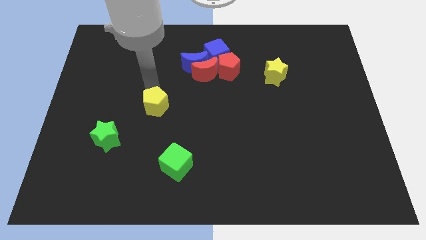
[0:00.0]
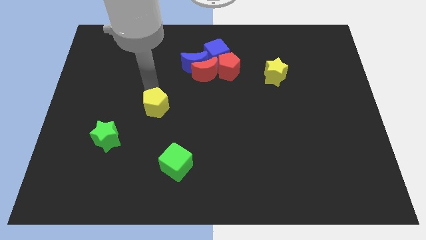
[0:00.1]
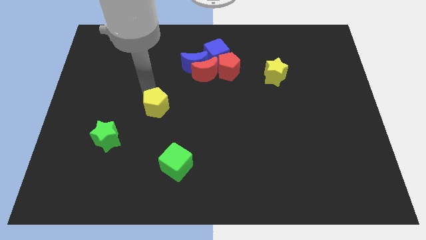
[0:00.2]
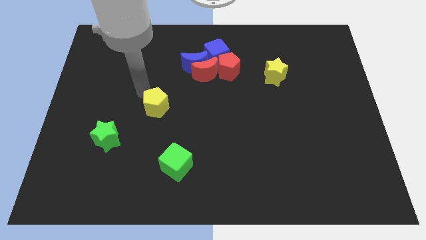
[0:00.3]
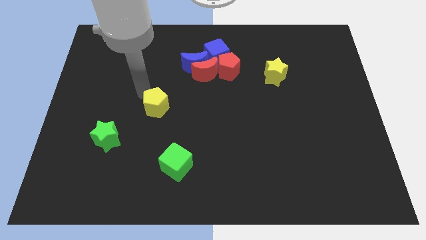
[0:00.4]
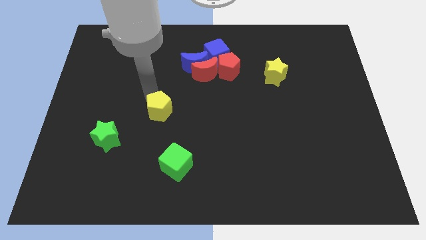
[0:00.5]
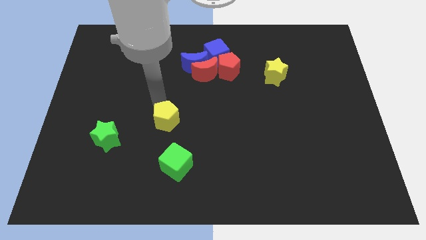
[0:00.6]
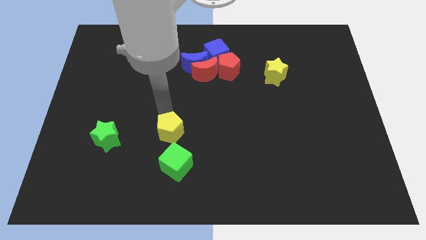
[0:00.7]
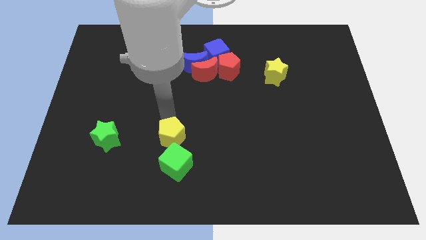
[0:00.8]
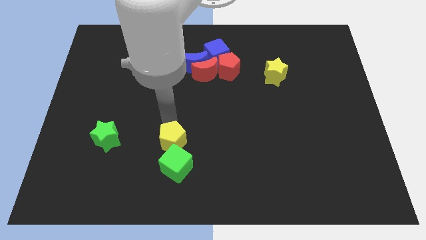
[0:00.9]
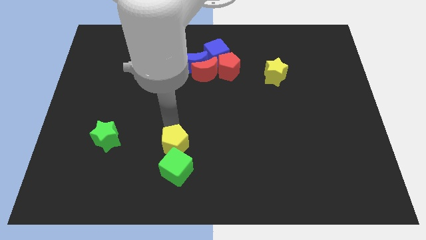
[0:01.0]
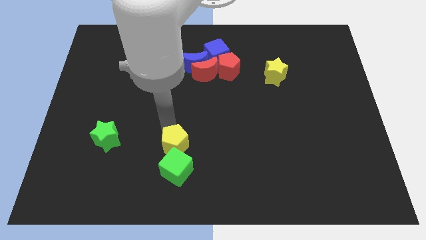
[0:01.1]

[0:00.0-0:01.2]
place the yellow pentagon right to the green star

### Exercise objective
Leaving out the pictures, return the records exactly as given.

### Result of this exercise
[0:00.0]
[0:00.1]
[0:00.2]
[0:00.3]
[0:00.4]
[0:00.5]
[0:00.6]
[0:00.7]
[0:00.8]
[0:00.9]
[0:01.0]
[0:01.1]

[0:00.0-0:01.2]
place the yellow pentagon right to the green star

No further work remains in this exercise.